Venda de precatório com deságio: quando ainda há IR e ganho de capital
Vender precatório por menos do valor de face não elimina o Imposto de Renda. Veja quando há tributação, ganho de capital e como declarar sem cair na malha.
Tatiana Botelho
Receber um precatório costuma ser motivo de alívio para quem esperou anos por uma decisão judicial contra a União, estado ou município. Mas, quando o pagamento demora a sair da fila oficial, é comum que o titular do crédito decida vender o precatório para um terceiro — quase sempre por um valor menor do que o que tem direito a receber. Essa diferença a menor é o chamado deságio.
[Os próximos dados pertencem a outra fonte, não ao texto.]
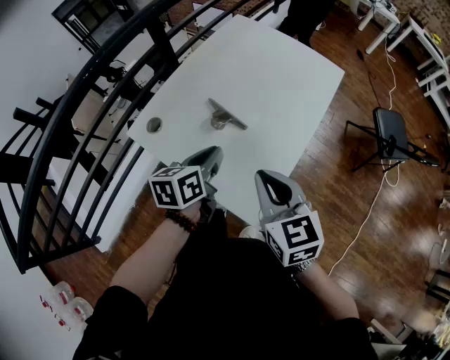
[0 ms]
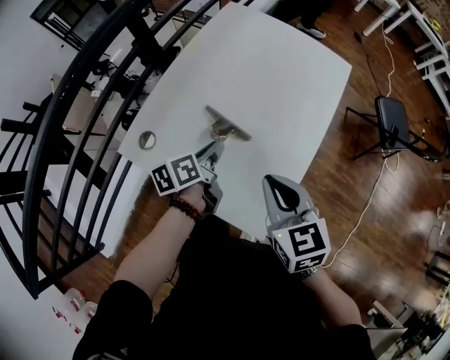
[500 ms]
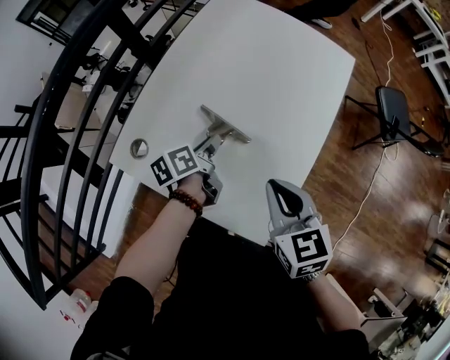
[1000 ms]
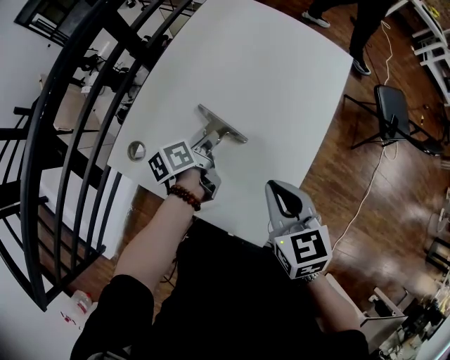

O problema é que, mesmo quando o contribuinte recebe menos do que o valor de face do precatório, ainda pode haver Imposto de Renda e ganho de capital a recolher, e essa é uma das maiores armadilhas tributárias desse tipo de operação.
Neste guia, em linguagem direta para quem não é especialista em tributação, você vai entender por que o precatório é vendido com deságio, em que situações a Receita Federal continua cobrando IR mesmo na venda antecipada, quando aparece a figura do ganho de capital — tanto para o vendedor quanto para o comprador — e como declarar a operação para não cair na malha fina. Se você é credor de precatório, herdeiro de um titular falecido ou está pensando em ceder esse crédito para uma empresa especializada, vale ler até o fim antes de assinar qualquer contrato.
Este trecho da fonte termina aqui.